The last function in front of the TH05 shot type control functions marks the player's previous position in VRAM to be redrawn. But as it turns out, "player" not only means "the player's option satellites on shot levels ≥ 2", but also "the explosion animation if you lose a life", which required reverse-engineering both things, ultimately leading to the confirmation of deathbombs.

It actually was kind of surprising that we then had reverse-engineered everything related to rendering all three things mentioned above, and could also cover the player rendering function right now. Luckily, TH05 didn't decide to also micro-optimize that function into un-decompilability; in fact, it wasn't changed at all from TH04. Unlike the one invalidation function whose decompilation would have actually been the goal here…

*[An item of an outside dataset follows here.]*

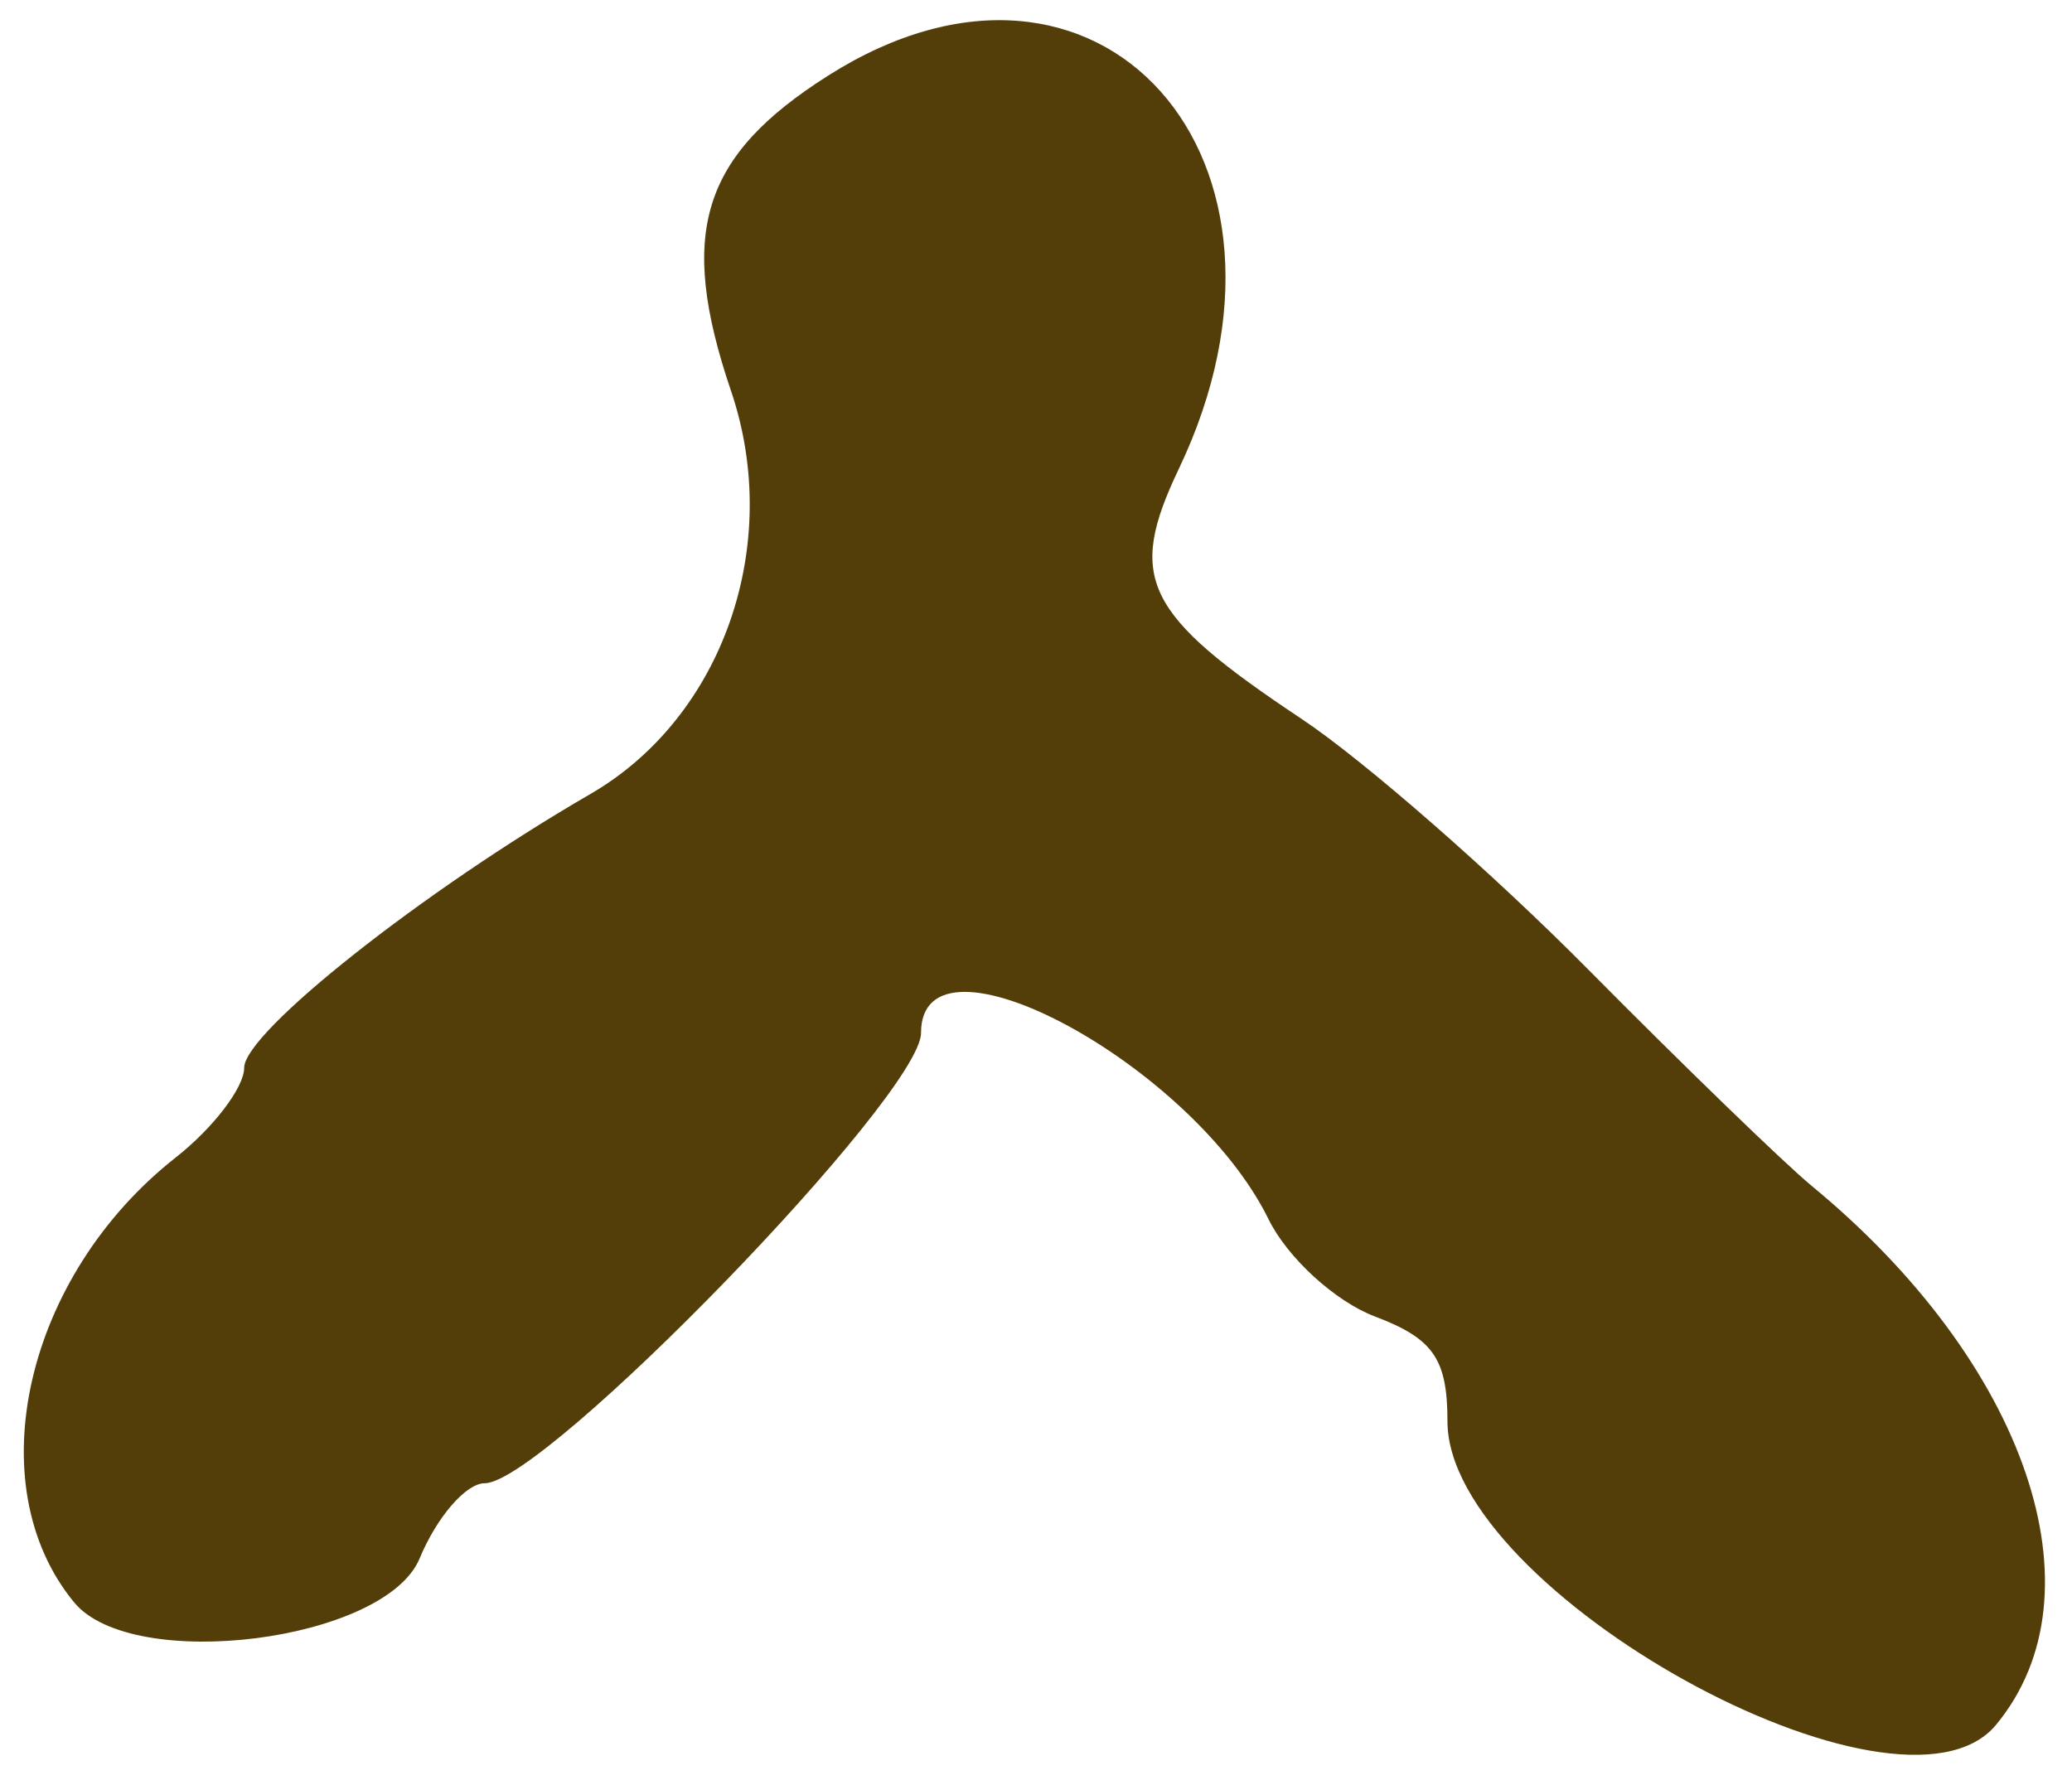 <svg width="71" height="61" viewBox="0 0 71 61" fill="none" xmlns="http://www.w3.org/2000/svg">
<path d="M25.05 13.399C23.214 7.99 24.027 5.35 28.38 2.59C37.665 -3.299 45.462 5.44 40.398 16.06C38.601 19.825 39.201 21.043 44.595 24.634C46.725 26.05 51.147 29.917 54.42 33.223C57.696 36.532 61.14 39.865 62.073 40.636C69.441 46.705 72.141 54.598 68.394 59.116C65.079 63.109 49.599 54.538 49.599 48.709C49.599 46.573 49.113 45.874 47.121 45.121C45.759 44.608 44.118 43.108 43.47 41.788C40.86 36.463 31.56 31.474 31.56 35.401C31.56 37.525 18.666 50.833 16.608 50.833C15.969 50.833 14.967 51.991 14.379 53.41C13.2 56.254 4.548 57.355 2.538 54.913C-0.777 50.884 0.858 43.729 6.024 39.667C7.311 38.653 8.367 37.27 8.367 36.595C8.367 35.38 14.496 30.532 20.232 27.211C24.774 24.58 26.838 18.667 25.05 13.399Z" fill="#533E09"/>
</svg>
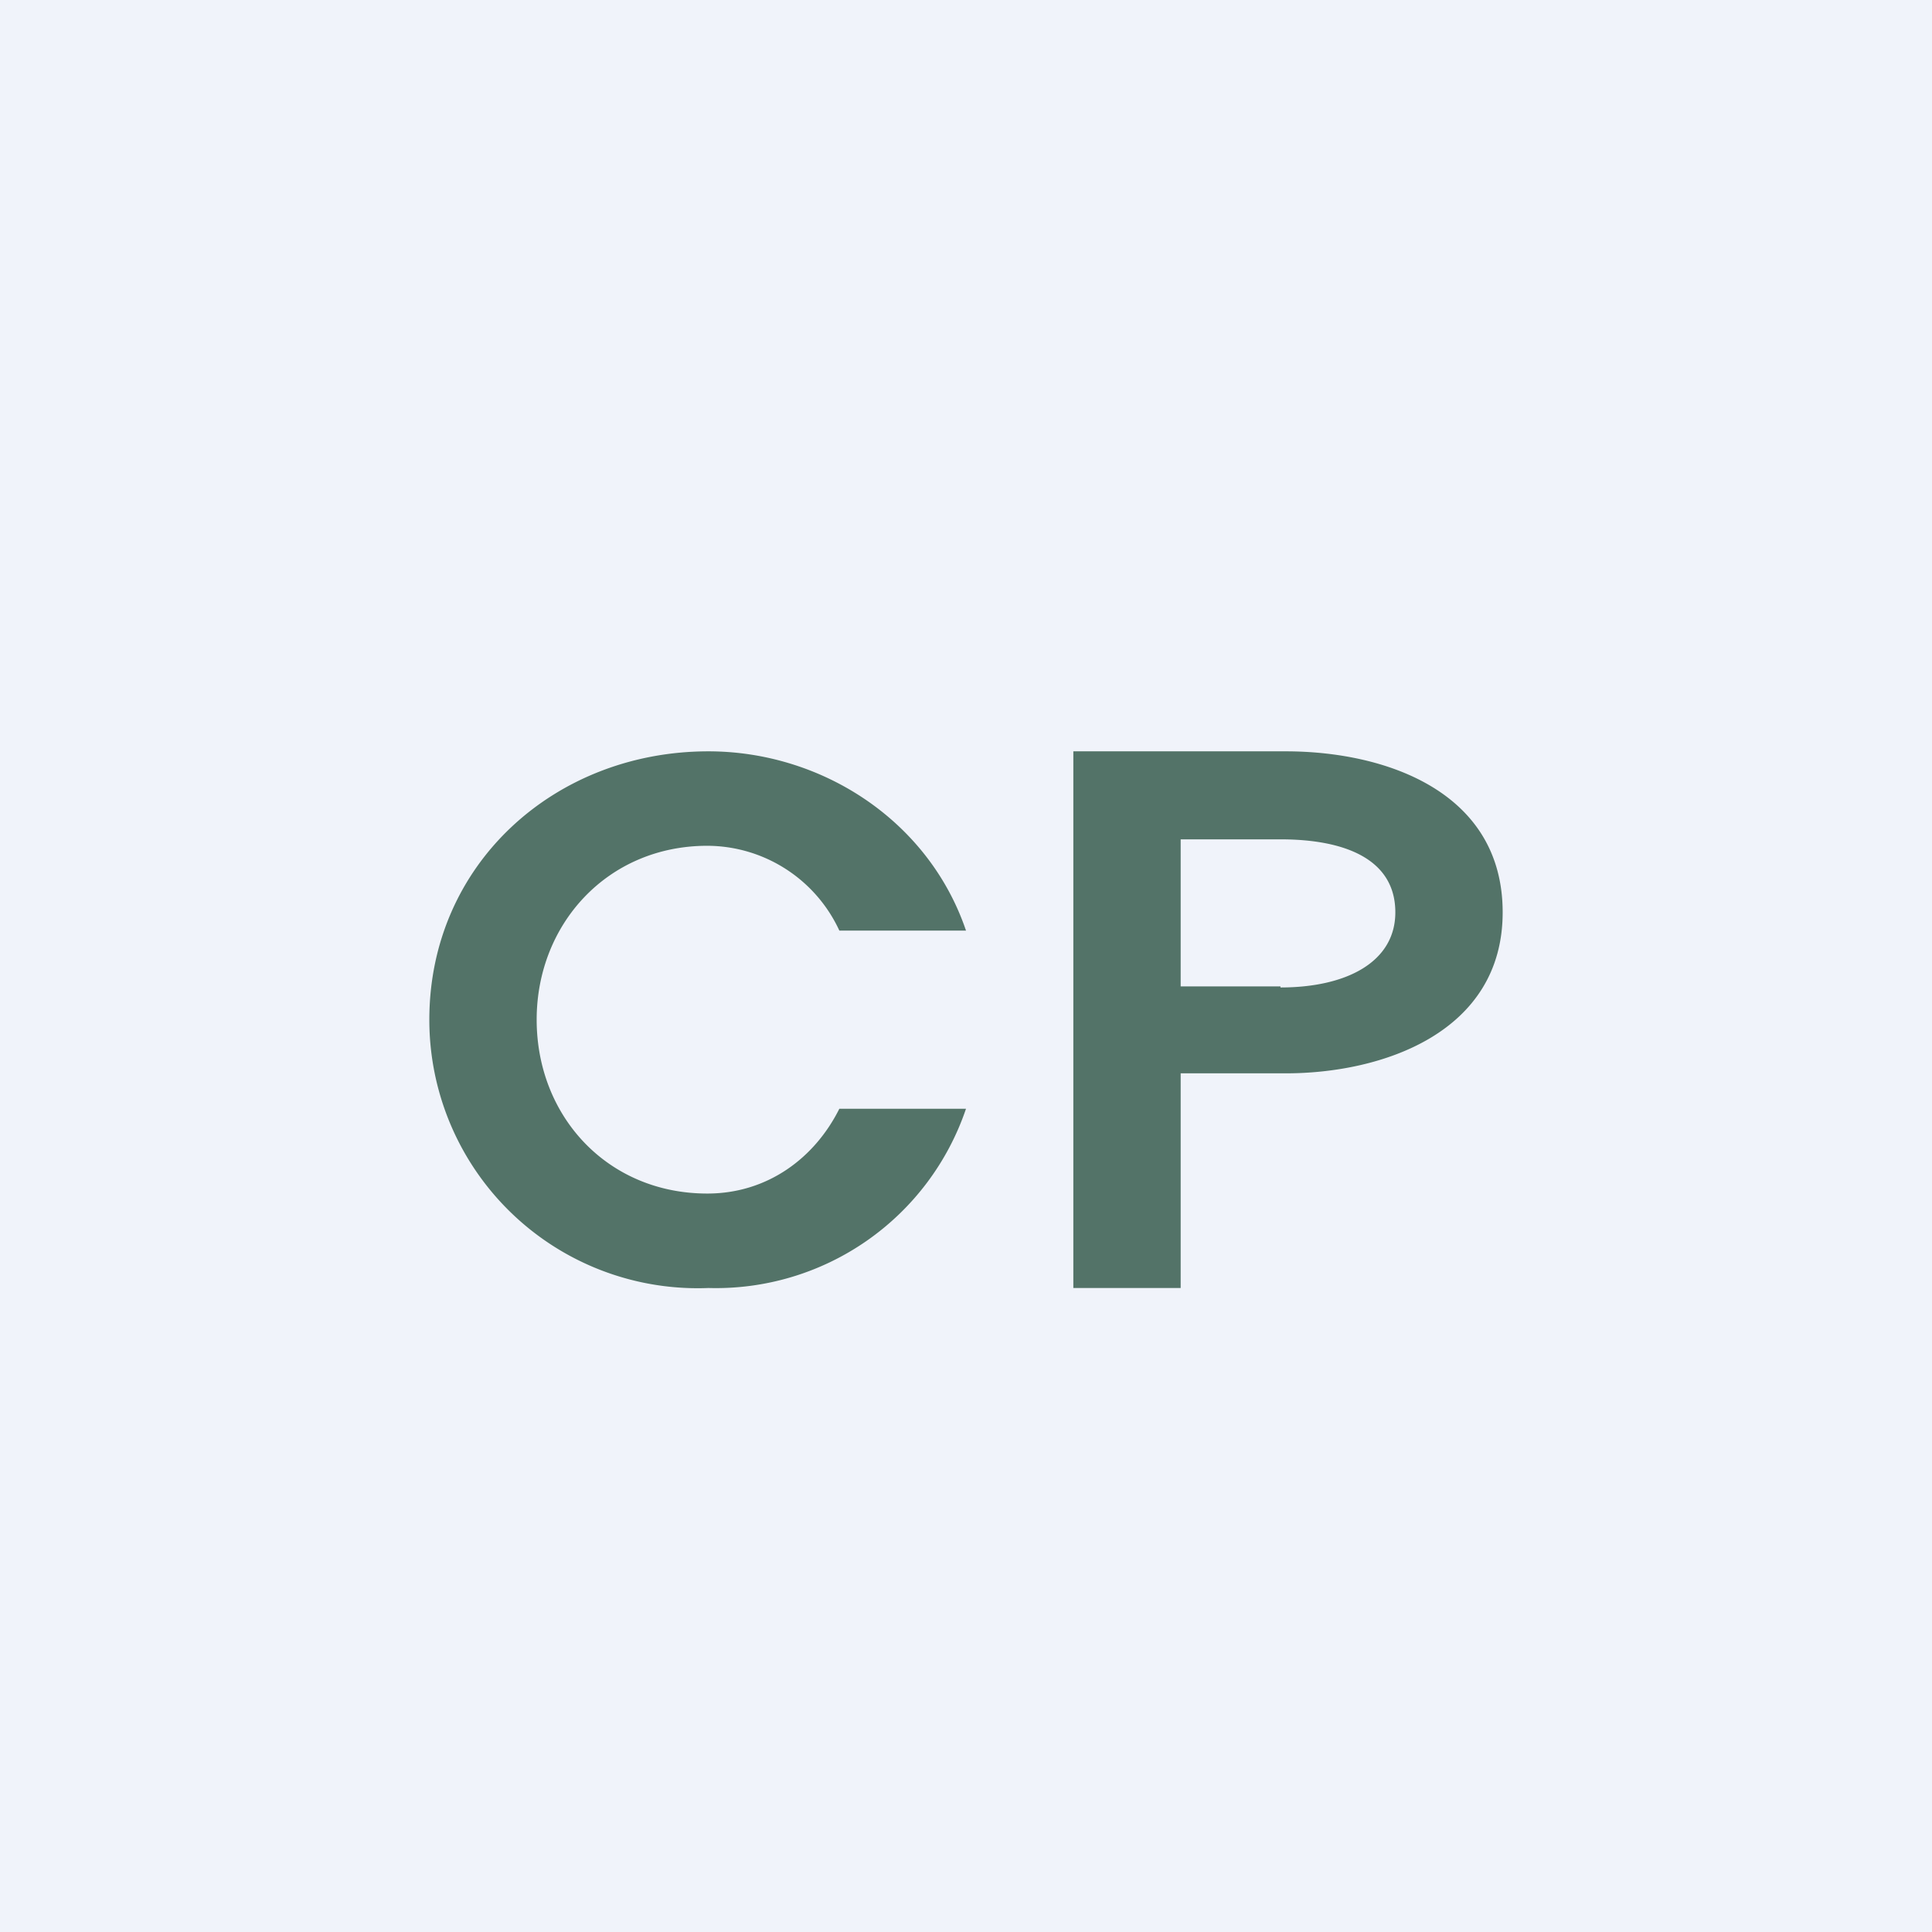<!-- by TradingView --><svg width="18" height="18" viewBox="0 0 18 18" xmlns="http://www.w3.org/2000/svg"><path fill="#F0F3FA" d="M0 0h18v18H0z"/><path d="M14 8.5c0 1.12-1.12 1.5-2.02 1.5H11v2h-1V7h1.98C12.9 7 14 7.37 14 8.5Zm-2.07.7c.62 0 1.07-.24 1.07-.7 0-.49-.46-.68-1.07-.68H11v1.37h.93ZM4 9.5C4 8.05 5.17 7 6.6 7c1.05 0 2.05.64 2.4 1.67H7.82a1.36 1.36 0 0 0-1.23-.79C5.66 7.88 5 8.61 5 9.5c0 .9.66 1.62 1.59 1.62.56 0 1-.33 1.23-.79H9A2.46 2.46 0 0 1 6.6 12 2.5 2.5 0 0 1 4 9.5Z" fill="#537368"/></svg>

But now, we've finally gotten to where we wanted to… and only got 2 outstanding decompilation pushes left. Time to get the website ready for hosting an actual crowdfunding campaign, I'd say – It'll make a better impression if people can still see things being delivered after the big announcement.

📝 Posted:
🚚 Summary of:
P0023, P0024
💰 Funded by:
🏷 Tags:
rec98+ th01- th02+ th04+ th05+ gameplay+ laser+ micro-optimization+

Actually, I lied, and lasers ended up coming with everything that makes reverse-engineering ZUN code so difficult: weirdly reused variables, unexpected structures within structures, and those TH05-specific nasty, premature ASM micro-optimizations that will waste a lot of time during decompilation, since the majority of the code actually was C, except for where it wasn't.